Scan the data below for lines holding the word "cover", and copy each line found.

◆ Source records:
------------------------------
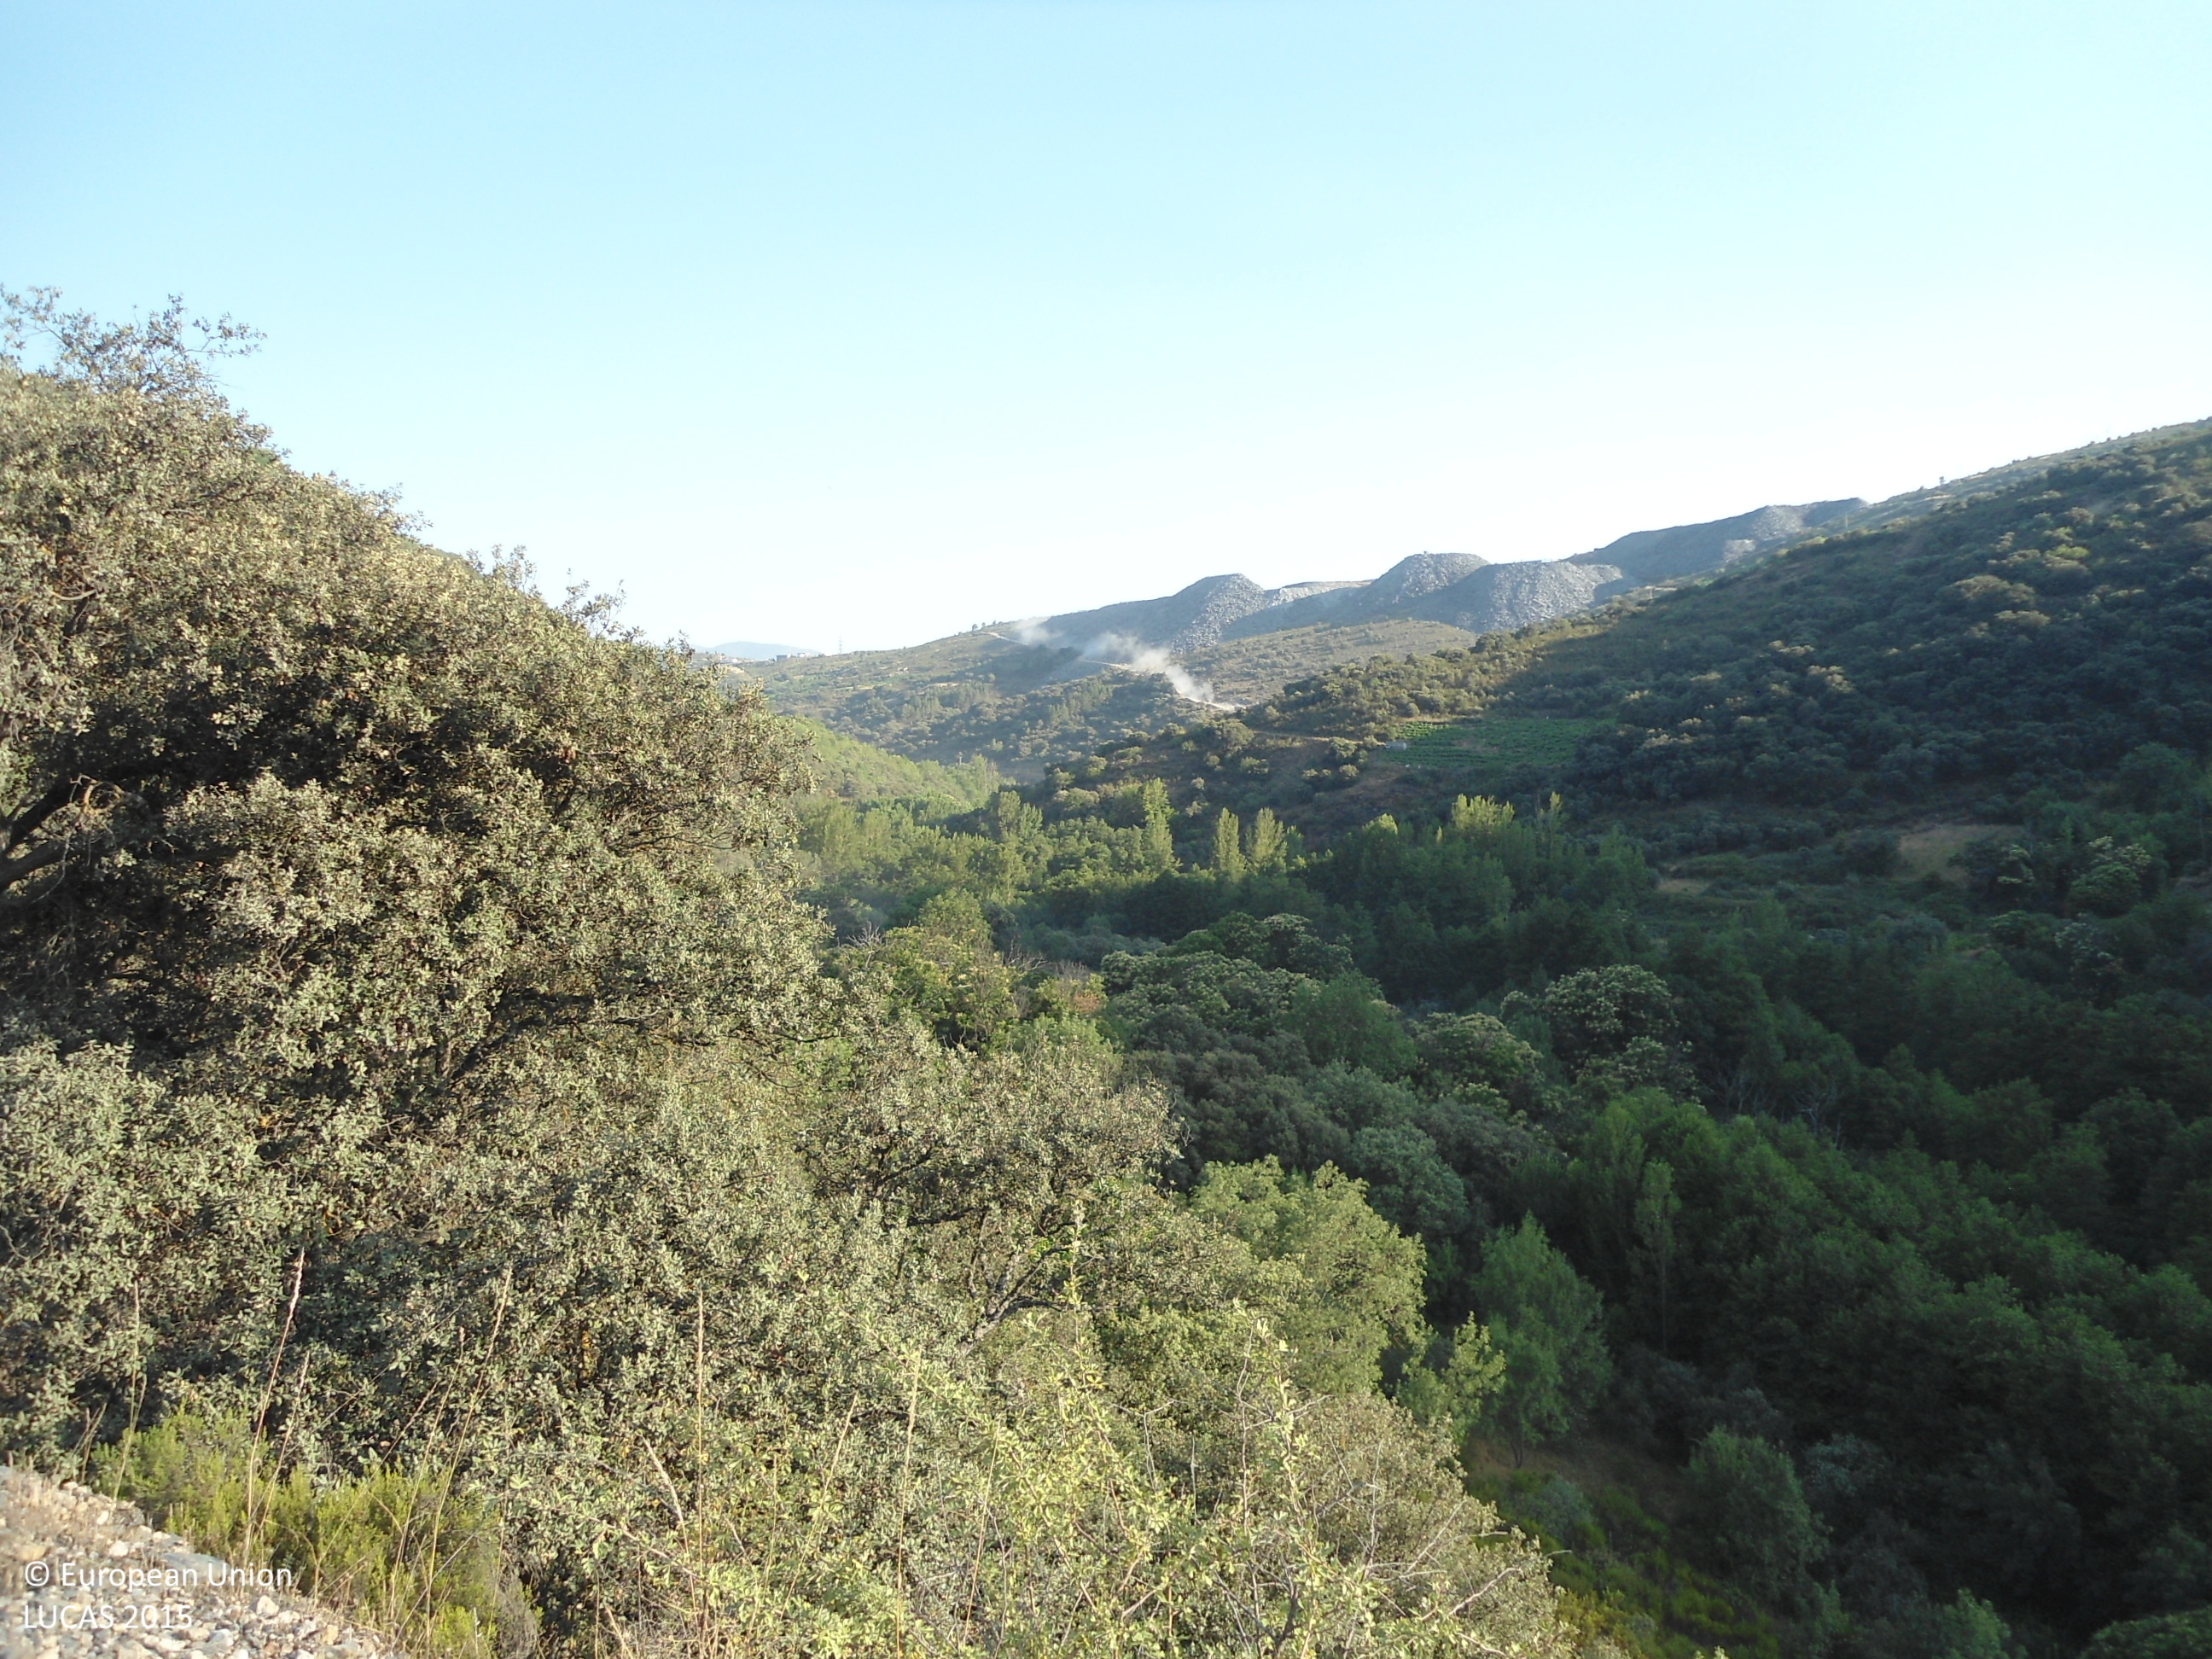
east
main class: Shrubland
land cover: Shrubland with sparse tree cover
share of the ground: > 75 %
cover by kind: shrubs 95 %, broadleaved forest trees 5 %
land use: Semi-natural and natural areas not in use
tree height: > 5 m
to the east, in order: Shrubland with sparse tree cover; Rocks and stones
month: June
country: ES
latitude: 42.3724
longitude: -6.8454
------------------------------
◆ OUTPUT FOR THIS TASK:
land cover: Shrubland with sparse tree cover
cover by kind: shrubs 95 %, broadleaved forest trees 5 %
to the east, in order: Shrubland with sparse tree cover; Rocks and stones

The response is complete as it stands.